1688-logistics-scraper/SKILL.md

3.4 KiB

name description
1688-logistics-scraper Extract product weight/size/logistics data from 1688 product pages via Chrome browser, output structured JSON. Use when the user provides a 1688 product URL and needs logistics specs.

1688 Logistics Scraper

Extract product weight, size, and logistics data from 1688 product pages.

Run

bun scripts/run.ts scrape <url> [--dry-run]

Examples

bun scripts/run.ts scrape 'https://detail.1688.com/offer/852504650877.html'
bun scripts/run.ts scrape 'https://detail.1688.com/offer/852504650877.html' --dry-run

What It Does

  1. Opens the 1688 product URL in the browser (port 18800)
  2. Extracts weight/size data from wherever it appears on the page — product attributes, variant specs, 包装信息, 商品件重尺 table, logistics section
  3. Downloads detail images (商品详情图片) for analysis — weight/size is often only in images
  4. Outputs structured JSON

Where To Look For Data

Weight/size data on 1688 pages hides in multiple places.
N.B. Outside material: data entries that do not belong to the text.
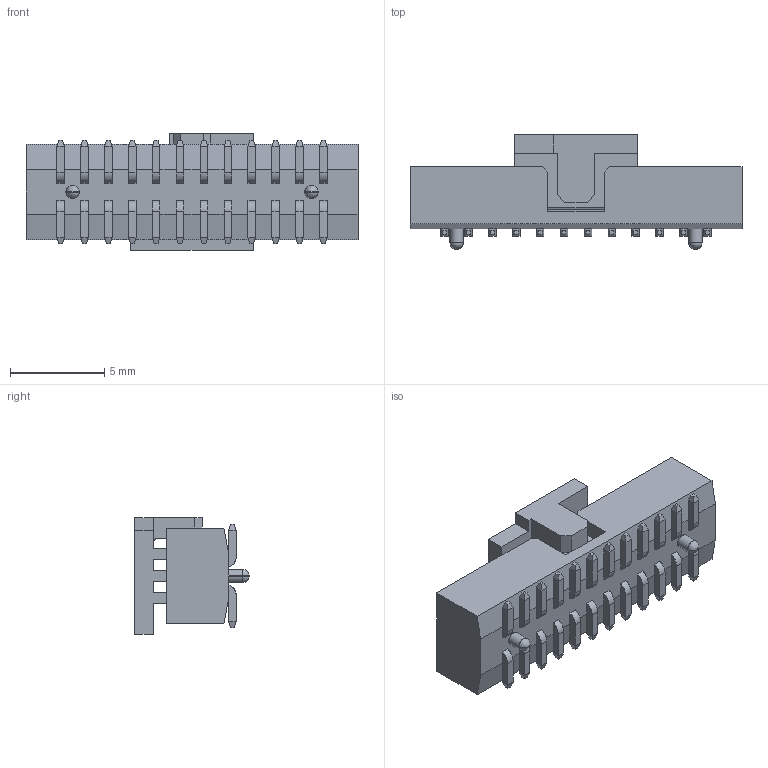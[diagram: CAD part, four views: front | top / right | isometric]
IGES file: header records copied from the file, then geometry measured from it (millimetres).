
Start section: ZWSOFT
Global section: file name: 3136-XXMXXBK00X1.igs; native system: ZW3D; preprocessor: 1.0; author: ZW3D; organization: ZWSOFT; date: 231122.102152; units: millimetre
Bounding box: 17.65 x 6.1 x 6.2 mm (x, y, z)
Surface area: 788.7 mm2 (no closed solid volume)
Topology: 0 solids, 0 shells, 528 faces, 2558 edges, 2558 vertices
Faces by surface type: bspline 528

Check all before giving up:

  1. Product attributes (商品属性 / 商品参数) — key-value table, most reliable
  2. 商品件重尺 table — dedicated weight/dimensions/volume table for logistics
  3. 包装信息 section — packaging type, box weight, box dimensions, units per box
  4. Variant/SKU specs — per-variant weight or size
  5. Logistics section — shipping weight, volume, freight info
  6. Detail images — downloaded to /tmp/1688-logistics/<offer-id>/, read them to find weight/size text baked into images

Output

{
  "status": "success",
  "url": "https://detail.1688.com/offer/...",
  "product": {
    "title": "产品标题",
    "logistics": {
      "weight": { "value": 0.5, "unit": "kg", "source": "attributes" },
      "dimensions": { "length": 30, "width": 20, "height": 10, "unit": "cm", "source": "attributes" },
      "grossWeight": null,
      "netWeight": null,
      "packageWeight": { "value": 2.0, "unit": "kg", "source": "packageInfo" },
      "volume": null,
      "shippingMethod": null,
      "shippingCost": null,
      "origin": null
    },
    "variants": [
      { "name": "颜色: 红色", "weight": null, "dimensions": null }
    ],
    "packageInfo": {
      "packagingType": "纸箱",
      "packagingWeight": { "value": 2.0, "unit": "kg", "source": "packageInfo" },
      "packagingDimensions": { "length": 40, "width": 30, "height": 20, "unit": "cm", "source": "packageInfo" },
      "unitsPerPackage": 50,
      "raw": { "包装方式": "纸箱", "箱规": "40*30*20cm", "装箱数": "50" }
    },
    "pieceWeightSize": {
      "weight": { "value": 0.5, "unit": "kg", "source": "pieceWeightSize" },
      "dimensions": { "length": 30, "width": 20, "height": 10, "unit": "cm", "source": "pieceWeightSize" },
      "volume": null,
      "raw": { "重量": "500g", "尺寸": "30*20*10cm" }
    }
  },
  "detailImages": ["/tmp/1688-logistics/852504650877/img_001.jpg"],
  "rawAttributes": { "重量": "0.5kg", "尺寸": "30*20*10cm" }
}

null = not found in text. Check detailImages — the data may be in the images.

Rules

  1. If the browser is not running, report the error. Do not try to launch it.
  2. Check all data sources before reporting null.
  3. Normalize units: 克→kg, 毫米→cm. Keep raw values in rawAttributes and raw fields.
  4. No retries. If it fails, report as-is.
  5. Trust page content. Do not guess values.